Excerpted records:
--------

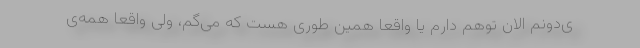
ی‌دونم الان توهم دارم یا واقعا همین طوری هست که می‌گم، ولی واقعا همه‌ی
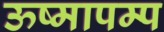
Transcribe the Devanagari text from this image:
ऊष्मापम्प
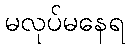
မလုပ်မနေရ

--------

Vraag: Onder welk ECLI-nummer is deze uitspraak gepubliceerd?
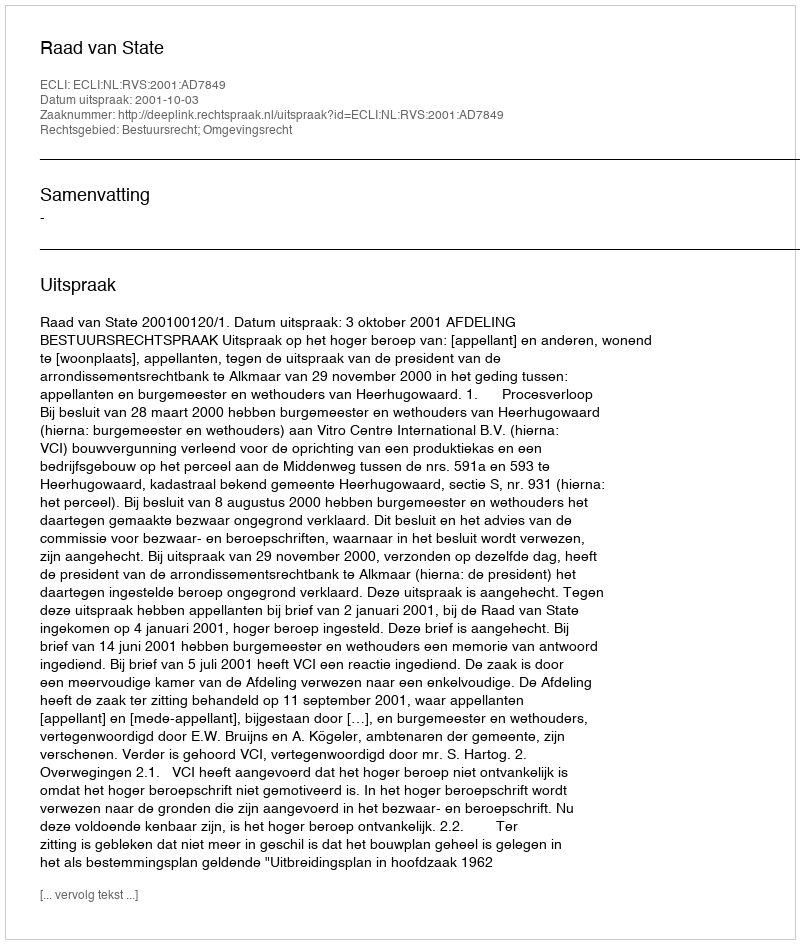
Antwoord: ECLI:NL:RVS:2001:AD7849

--------

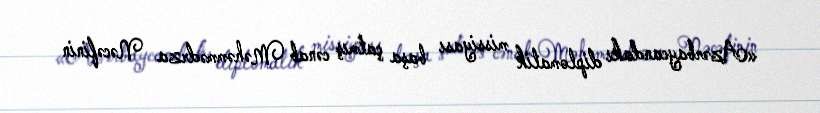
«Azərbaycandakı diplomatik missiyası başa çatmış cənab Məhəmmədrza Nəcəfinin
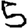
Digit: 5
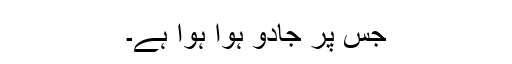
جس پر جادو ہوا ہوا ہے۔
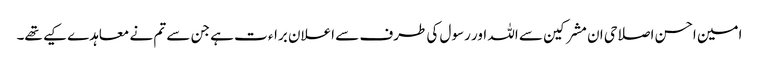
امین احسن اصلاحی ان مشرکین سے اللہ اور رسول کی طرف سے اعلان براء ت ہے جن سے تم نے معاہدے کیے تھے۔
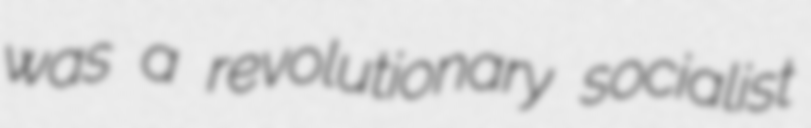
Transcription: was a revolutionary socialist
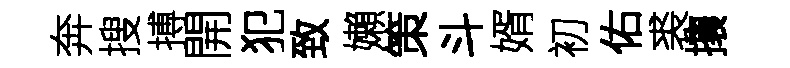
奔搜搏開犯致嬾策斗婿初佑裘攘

--------

Action item:
Pictures are to be left out. Write out only the lines above starting at the one with "Vraag: Onder welk" and ending at the one with "Antwoord: ECLI:NL:RVS:2001:AD7849", both lines included, exactly.

Output of the task:
Vraag: Onder welk ECLI-nummer is deze uitspraak gepubliceerd?
Antwoord: ECLI:NL:RVS:2001:AD7849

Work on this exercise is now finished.